== Information given

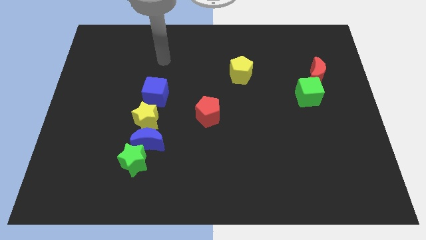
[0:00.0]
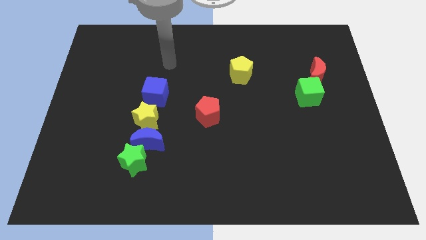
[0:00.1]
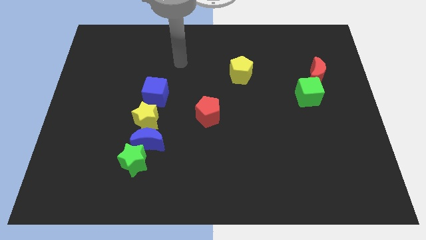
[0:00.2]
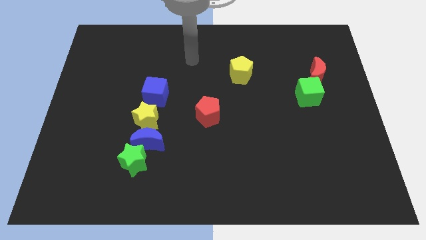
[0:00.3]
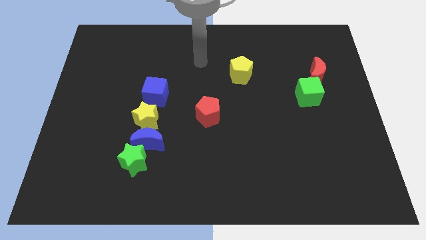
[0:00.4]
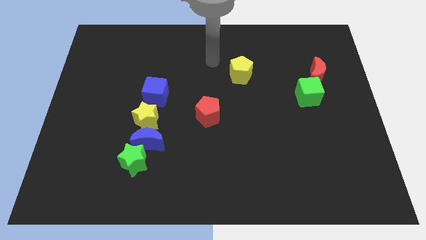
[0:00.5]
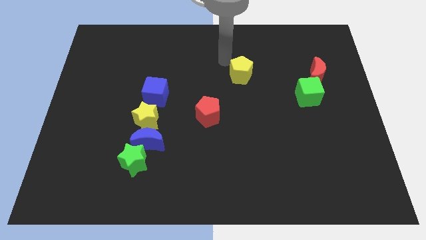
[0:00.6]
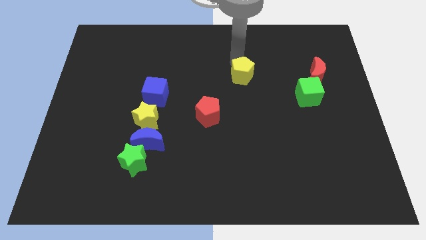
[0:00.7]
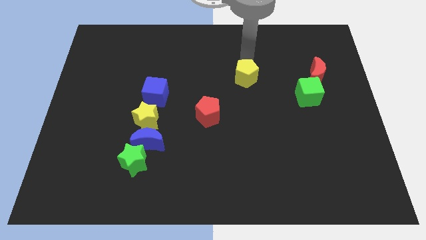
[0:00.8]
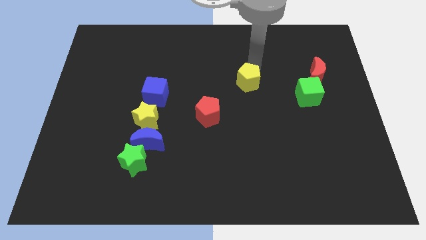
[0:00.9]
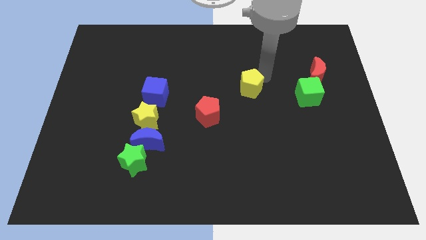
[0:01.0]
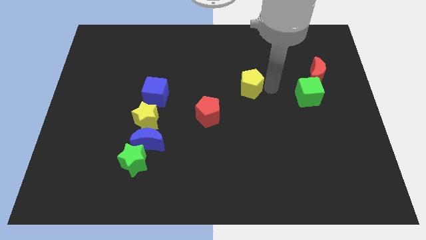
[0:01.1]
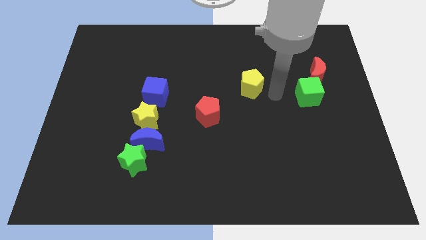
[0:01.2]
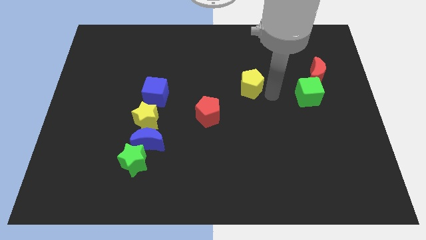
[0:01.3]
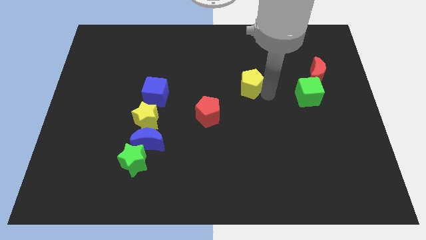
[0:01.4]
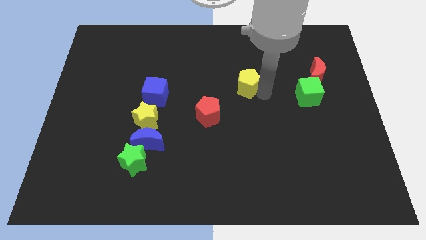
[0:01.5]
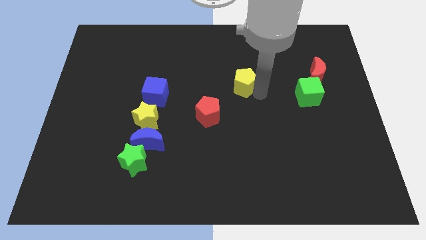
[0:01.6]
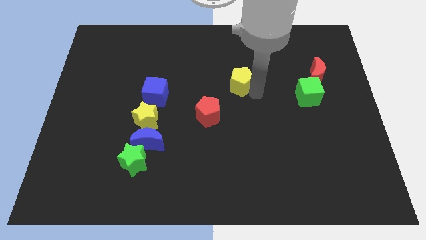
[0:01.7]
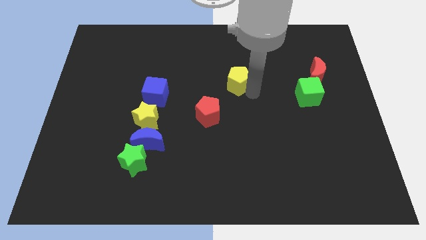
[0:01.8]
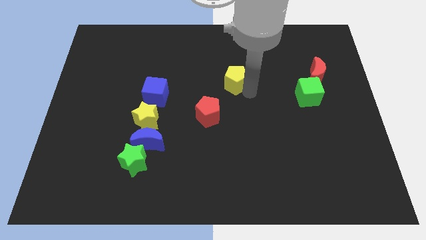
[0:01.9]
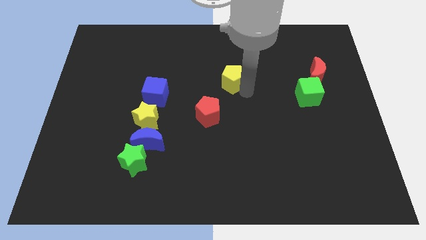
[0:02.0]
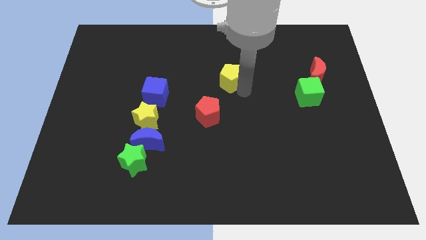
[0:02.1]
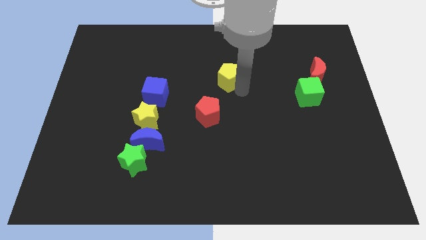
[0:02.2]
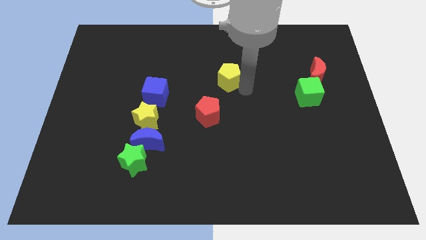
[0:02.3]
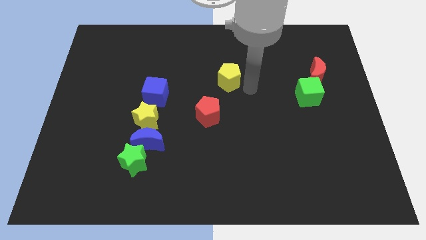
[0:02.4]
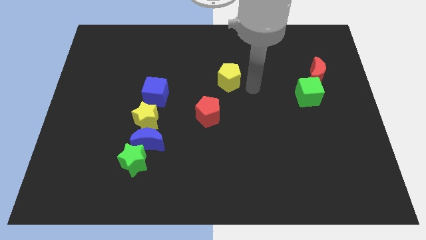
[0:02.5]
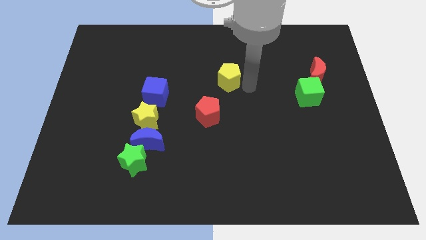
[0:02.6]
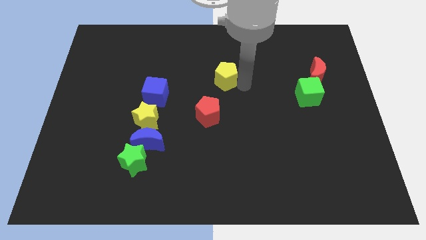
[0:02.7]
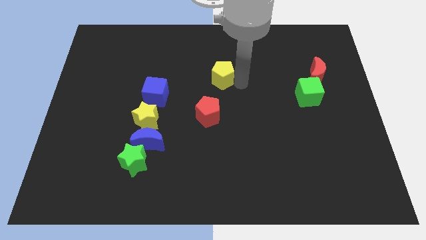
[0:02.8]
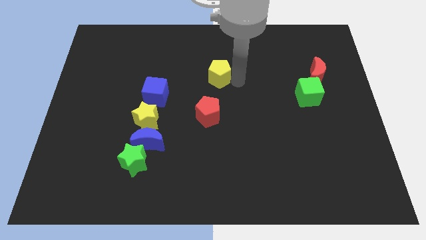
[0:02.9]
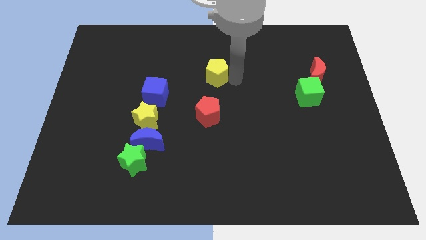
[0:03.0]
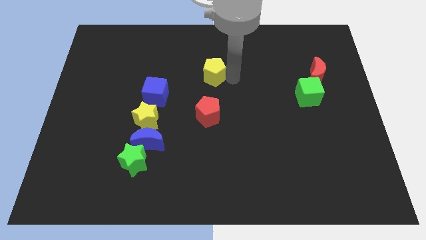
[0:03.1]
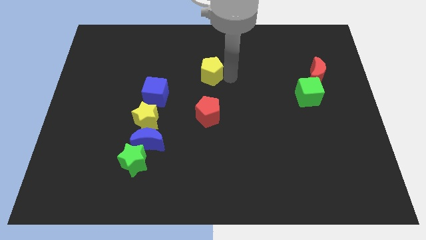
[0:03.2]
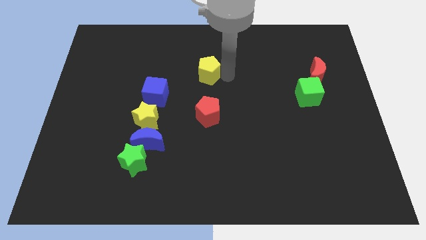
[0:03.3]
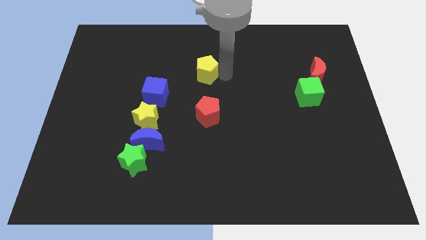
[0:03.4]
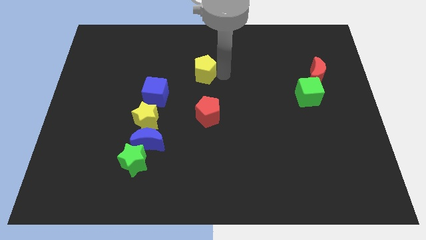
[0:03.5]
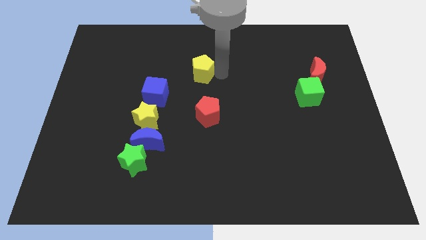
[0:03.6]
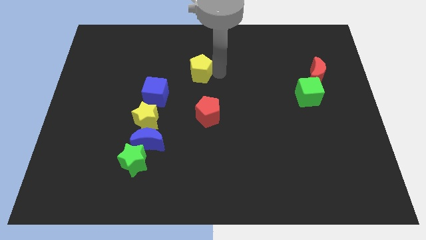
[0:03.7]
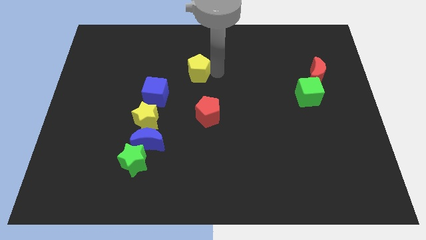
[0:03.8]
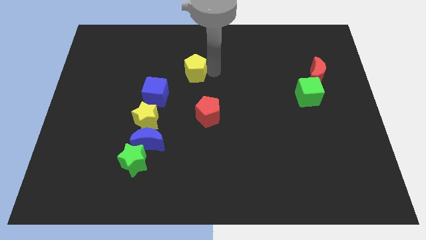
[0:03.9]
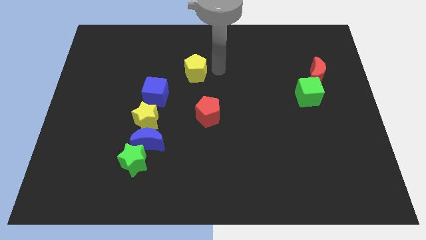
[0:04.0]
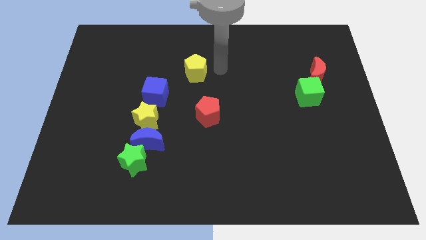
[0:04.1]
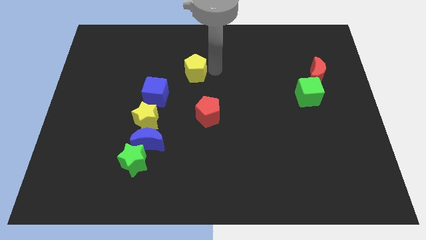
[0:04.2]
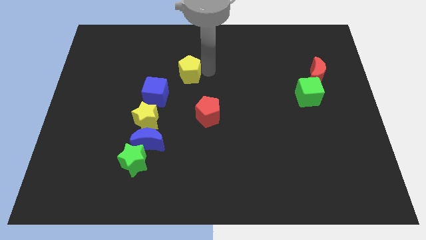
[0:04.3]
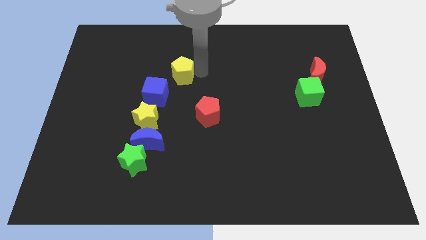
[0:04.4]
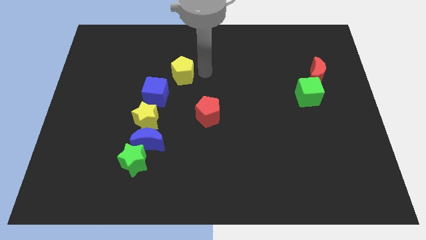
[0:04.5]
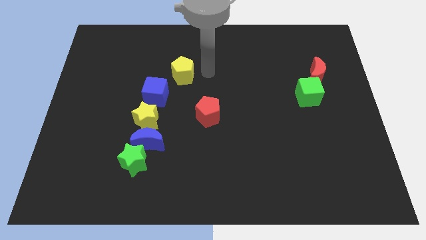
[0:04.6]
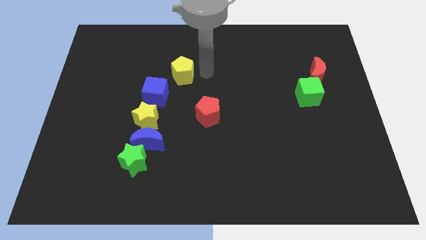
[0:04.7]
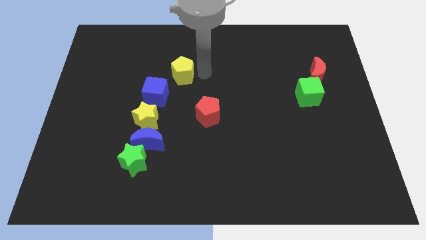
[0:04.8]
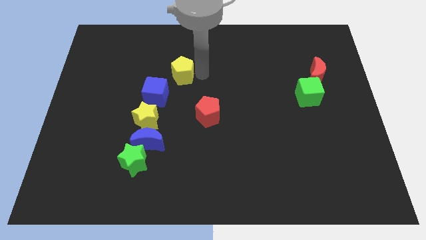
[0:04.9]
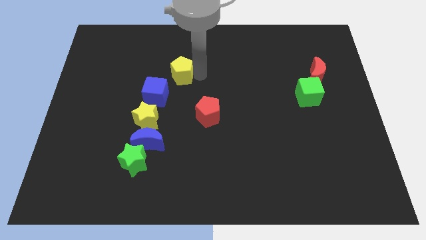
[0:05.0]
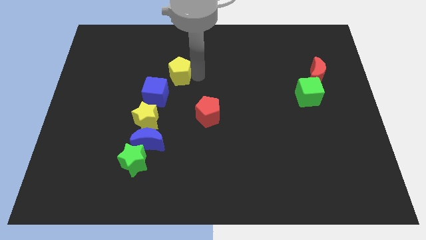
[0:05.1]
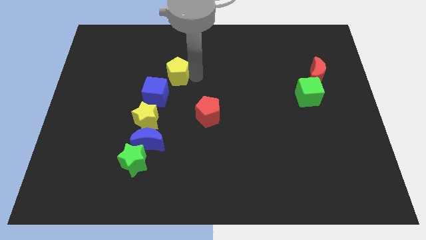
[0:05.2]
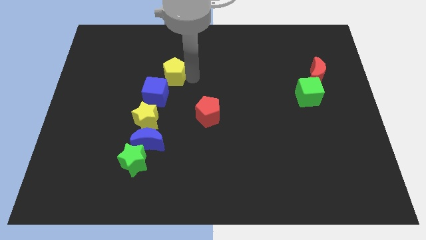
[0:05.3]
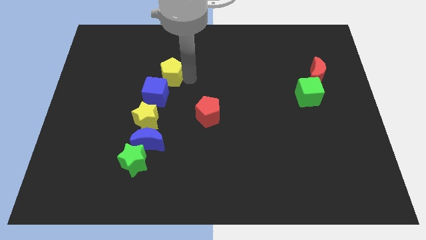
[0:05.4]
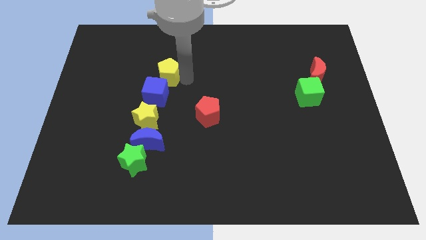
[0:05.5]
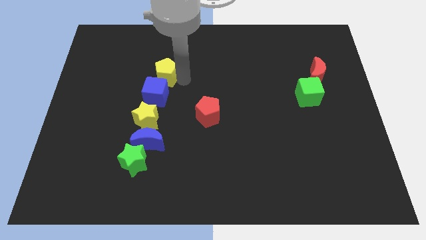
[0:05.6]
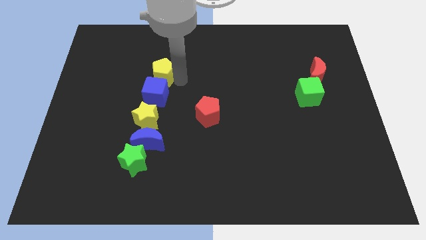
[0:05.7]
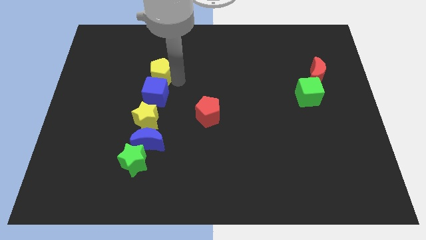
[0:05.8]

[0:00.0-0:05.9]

====

▶ _Problem requirements_
Quote the records in their entirety, keeping the wording exact and excluding pictures.

▶ _Answer for this exercise_
[0:00.0]
[0:00.1]
[0:00.2]
[0:00.3]
[0:00.4]
[0:00.5]
[0:00.6]
[0:00.7]
[0:00.8]
[0:00.9]
[0:01.0]
[0:01.1]
[0:01.2]
[0:01.3]
[0:01.4]
[0:01.5]
[0:01.6]
[0:01.7]
[0:01.8]
[0:01.9]
[0:02.0]
[0:02.1]
[0:02.2]
[0:02.3]
[0:02.4]
[0:02.5]
[0:02.6]
[0:02.7]
[0:02.8]
[0:02.9]
[0:03.0]
[0:03.1]
[0:03.2]
[0:03.3]
[0:03.4]
[0:03.5]
[0:03.6]
[0:03.7]
[0:03.8]
[0:03.9]
[0:04.0]
[0:04.1]
[0:04.2]
[0:04.3]
[0:04.4]
[0:04.5]
[0:04.6]
[0:04.7]
[0:04.8]
[0:04.9]
[0:05.0]
[0:05.1]
[0:05.2]
[0:05.3]
[0:05.4]
[0:05.5]
[0:05.6]
[0:05.7]
[0:05.8]

[0:00.0-0:05.9]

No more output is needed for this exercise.